Background and Objectives Rheumatoid arthritis (RA) is a common autoimmune disease characterised by the hyperplastic transformation of synovium, its infiltration with different inflammatory cells and by stimulation of bone resorption through osteoclast activation leading to joint destruction. Posttranslational modification of proteins by SUMO has been shown for a number of target molecules including transcription factors and is involved in a variety of cellular processes, including protein localisation, transcriptional regulation, protein stability, cell survival and death. Previously, we have shown that the increased expression of SUMO-1 contributes to the inflammatory response in RA. Here, we investigated the role of SUMO-1 in osteoclastogenesis and studied the skeletal phenotype of SUMO-1 ^-/- mice under physiological conditions.

Materials and Methods For all in vitro experiments, bone marrow macrophages were isolated from SUMO-1 ^-/- mice and wild type (WT) controls and were cultured in the presence of macrophage colony-stimulating factor and receptor activator of nuclear factor k-B ligand. Osteoclast differentiation was verified by tartrate-resistant acid phosphatase (TRAP) staining. Using real time PCR mRNA levels of DC-STAMP and Cathepsin K were analysed. Proliferation of preosteoclasts was determined using CyQuant proliferation assay. Osteoclast resorption capacity was analysed using a calcium phosphate bone resorption assay. The skeletal phenotype of 8-week old mice was investigated by µCT-analysis of trabecular bone in the lumbar spine and femora. The vertebral bodies L5 from each animal were dehydrated and embedded nondecalcified into methylmetacrylate for sectioning. Sections were stained using van Kossa and for TRAP activity.
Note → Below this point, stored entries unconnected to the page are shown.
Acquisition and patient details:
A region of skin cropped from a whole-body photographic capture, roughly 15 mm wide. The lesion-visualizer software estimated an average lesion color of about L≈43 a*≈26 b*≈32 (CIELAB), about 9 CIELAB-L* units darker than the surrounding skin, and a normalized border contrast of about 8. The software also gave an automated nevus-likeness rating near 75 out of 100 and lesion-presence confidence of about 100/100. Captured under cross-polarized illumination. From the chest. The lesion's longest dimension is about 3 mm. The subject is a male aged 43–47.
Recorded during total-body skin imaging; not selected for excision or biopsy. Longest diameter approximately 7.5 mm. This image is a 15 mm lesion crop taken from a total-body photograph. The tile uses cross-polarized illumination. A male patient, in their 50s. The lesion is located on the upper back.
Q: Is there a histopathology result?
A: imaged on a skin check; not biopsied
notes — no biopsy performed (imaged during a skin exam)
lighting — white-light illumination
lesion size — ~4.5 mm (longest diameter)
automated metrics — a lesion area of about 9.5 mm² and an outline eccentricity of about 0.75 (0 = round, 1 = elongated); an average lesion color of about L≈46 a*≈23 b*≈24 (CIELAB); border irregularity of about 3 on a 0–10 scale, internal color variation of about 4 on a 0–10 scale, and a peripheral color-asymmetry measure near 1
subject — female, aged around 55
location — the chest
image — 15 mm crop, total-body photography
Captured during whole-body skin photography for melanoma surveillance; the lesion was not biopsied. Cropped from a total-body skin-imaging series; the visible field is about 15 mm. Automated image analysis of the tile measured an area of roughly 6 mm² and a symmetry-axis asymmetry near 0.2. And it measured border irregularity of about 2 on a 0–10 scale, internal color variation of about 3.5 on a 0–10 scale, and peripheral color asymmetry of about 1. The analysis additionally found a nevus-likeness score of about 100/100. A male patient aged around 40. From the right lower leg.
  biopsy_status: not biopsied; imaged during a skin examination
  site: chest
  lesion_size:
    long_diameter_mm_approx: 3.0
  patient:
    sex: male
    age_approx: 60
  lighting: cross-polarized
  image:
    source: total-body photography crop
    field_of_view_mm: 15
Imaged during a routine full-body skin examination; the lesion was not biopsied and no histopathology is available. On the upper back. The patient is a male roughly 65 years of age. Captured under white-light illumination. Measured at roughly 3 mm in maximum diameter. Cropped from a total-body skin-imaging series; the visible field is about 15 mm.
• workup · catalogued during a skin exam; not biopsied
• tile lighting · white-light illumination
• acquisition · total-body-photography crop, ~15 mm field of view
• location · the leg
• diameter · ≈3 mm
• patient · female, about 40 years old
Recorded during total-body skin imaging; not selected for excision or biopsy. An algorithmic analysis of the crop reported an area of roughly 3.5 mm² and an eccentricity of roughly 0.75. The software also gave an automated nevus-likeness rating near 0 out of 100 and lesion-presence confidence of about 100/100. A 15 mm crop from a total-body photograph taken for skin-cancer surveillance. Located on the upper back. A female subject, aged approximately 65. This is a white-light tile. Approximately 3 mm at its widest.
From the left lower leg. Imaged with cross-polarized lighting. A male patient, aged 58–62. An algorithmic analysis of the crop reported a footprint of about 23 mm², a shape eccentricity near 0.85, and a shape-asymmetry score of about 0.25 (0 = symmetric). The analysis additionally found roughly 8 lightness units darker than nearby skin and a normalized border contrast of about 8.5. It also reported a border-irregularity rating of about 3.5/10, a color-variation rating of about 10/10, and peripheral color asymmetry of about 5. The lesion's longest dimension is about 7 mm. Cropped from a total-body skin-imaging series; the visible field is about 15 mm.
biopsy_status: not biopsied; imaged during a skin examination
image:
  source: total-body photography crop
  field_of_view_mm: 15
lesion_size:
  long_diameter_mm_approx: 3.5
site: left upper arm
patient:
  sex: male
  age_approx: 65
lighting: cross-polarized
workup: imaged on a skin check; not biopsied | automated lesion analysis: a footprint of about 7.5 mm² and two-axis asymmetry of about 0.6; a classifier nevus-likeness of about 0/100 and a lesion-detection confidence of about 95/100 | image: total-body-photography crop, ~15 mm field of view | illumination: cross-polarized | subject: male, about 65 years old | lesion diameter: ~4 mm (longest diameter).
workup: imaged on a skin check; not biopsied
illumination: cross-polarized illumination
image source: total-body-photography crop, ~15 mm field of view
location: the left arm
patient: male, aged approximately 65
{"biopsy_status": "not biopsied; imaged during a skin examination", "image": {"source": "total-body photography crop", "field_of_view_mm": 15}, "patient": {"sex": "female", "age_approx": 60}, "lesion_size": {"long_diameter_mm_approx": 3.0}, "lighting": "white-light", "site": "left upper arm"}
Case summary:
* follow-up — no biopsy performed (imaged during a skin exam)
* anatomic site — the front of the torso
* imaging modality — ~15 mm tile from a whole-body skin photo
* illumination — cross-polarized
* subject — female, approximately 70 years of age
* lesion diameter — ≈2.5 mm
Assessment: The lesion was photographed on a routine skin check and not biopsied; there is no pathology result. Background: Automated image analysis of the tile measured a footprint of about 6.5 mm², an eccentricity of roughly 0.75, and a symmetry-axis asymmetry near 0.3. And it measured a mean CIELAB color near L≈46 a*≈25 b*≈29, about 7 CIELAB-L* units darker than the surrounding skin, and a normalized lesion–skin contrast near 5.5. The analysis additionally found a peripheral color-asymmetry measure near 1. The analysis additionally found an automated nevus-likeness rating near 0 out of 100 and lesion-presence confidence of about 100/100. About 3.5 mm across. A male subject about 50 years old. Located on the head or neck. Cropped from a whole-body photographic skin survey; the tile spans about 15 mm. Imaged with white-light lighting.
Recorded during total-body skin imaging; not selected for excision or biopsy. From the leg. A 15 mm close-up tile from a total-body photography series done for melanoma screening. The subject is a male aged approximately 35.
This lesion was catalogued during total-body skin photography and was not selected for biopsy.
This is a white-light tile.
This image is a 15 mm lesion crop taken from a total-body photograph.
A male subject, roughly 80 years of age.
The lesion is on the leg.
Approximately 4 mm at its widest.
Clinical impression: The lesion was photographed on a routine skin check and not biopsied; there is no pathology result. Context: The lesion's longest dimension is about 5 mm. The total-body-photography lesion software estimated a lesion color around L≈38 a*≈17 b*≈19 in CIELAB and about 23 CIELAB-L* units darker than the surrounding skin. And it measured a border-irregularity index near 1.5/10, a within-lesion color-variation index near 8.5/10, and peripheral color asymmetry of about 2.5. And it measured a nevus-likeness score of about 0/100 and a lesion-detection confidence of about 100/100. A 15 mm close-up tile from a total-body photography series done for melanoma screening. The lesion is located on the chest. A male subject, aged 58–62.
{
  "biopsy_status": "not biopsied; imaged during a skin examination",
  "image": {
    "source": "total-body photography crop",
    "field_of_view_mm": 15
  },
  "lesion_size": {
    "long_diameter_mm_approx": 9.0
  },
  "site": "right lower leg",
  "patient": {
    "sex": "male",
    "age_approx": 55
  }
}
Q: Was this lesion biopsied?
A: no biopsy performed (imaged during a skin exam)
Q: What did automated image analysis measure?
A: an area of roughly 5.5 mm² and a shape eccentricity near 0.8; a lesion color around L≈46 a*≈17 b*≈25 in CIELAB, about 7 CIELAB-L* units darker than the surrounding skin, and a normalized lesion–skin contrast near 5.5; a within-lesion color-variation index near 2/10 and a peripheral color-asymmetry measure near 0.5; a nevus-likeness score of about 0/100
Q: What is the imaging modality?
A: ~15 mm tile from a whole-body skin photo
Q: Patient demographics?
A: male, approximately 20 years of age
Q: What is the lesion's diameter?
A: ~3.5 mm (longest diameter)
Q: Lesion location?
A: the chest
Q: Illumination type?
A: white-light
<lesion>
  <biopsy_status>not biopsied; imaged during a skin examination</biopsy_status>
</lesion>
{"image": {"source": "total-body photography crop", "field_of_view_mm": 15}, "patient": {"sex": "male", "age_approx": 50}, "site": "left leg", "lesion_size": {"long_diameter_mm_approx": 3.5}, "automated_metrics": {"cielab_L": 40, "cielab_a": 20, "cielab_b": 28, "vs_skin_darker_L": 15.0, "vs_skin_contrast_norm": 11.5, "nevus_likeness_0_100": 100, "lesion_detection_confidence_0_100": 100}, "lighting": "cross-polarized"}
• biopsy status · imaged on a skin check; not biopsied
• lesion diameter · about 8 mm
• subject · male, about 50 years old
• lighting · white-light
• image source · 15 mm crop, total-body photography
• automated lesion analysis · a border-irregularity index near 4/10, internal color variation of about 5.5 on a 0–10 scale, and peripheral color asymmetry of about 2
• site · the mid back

Results In PCR analyses, we found decreased expression of DC-STAMP and Cathepsin K in SUMO-1 ^-/- mice compared to wt mice during osteoclast differentiation. Proliferation of preosteoclasts was not affected by loss of SUMO-1. In osteoclast formation assays, the loss of SUMO-1 was associated with impaired osteoclast differentiation and with impaired bone resorption capacity. In addition, histological analyses revealed a reduced number of osteoclasts in SUMO-1 ^-/- mice. At 8-weeks old, SUMO-1 ^-/- mice had a 20% higher trabecular bone volume fraction compared with wt mice. Moreover, trabecular thickness was higher and trabecular separation was lower in SUMO-1 ^-/- mice.

Conclusions In our study, we found that SUMO-1 ^-/- mice have high bone mass owing to a decrease in number, size and function of osteoclasts. Furthermore, osteoclast markers contributing to osteoclast fusion and to osteoclast resorption capacity were decreased. These data suggest that SUMO-1 is involved predominantly in the regulation of bone mass by osteoclast formation and activity, and therefore may be an interesting target for treating diseases associated with bone loss.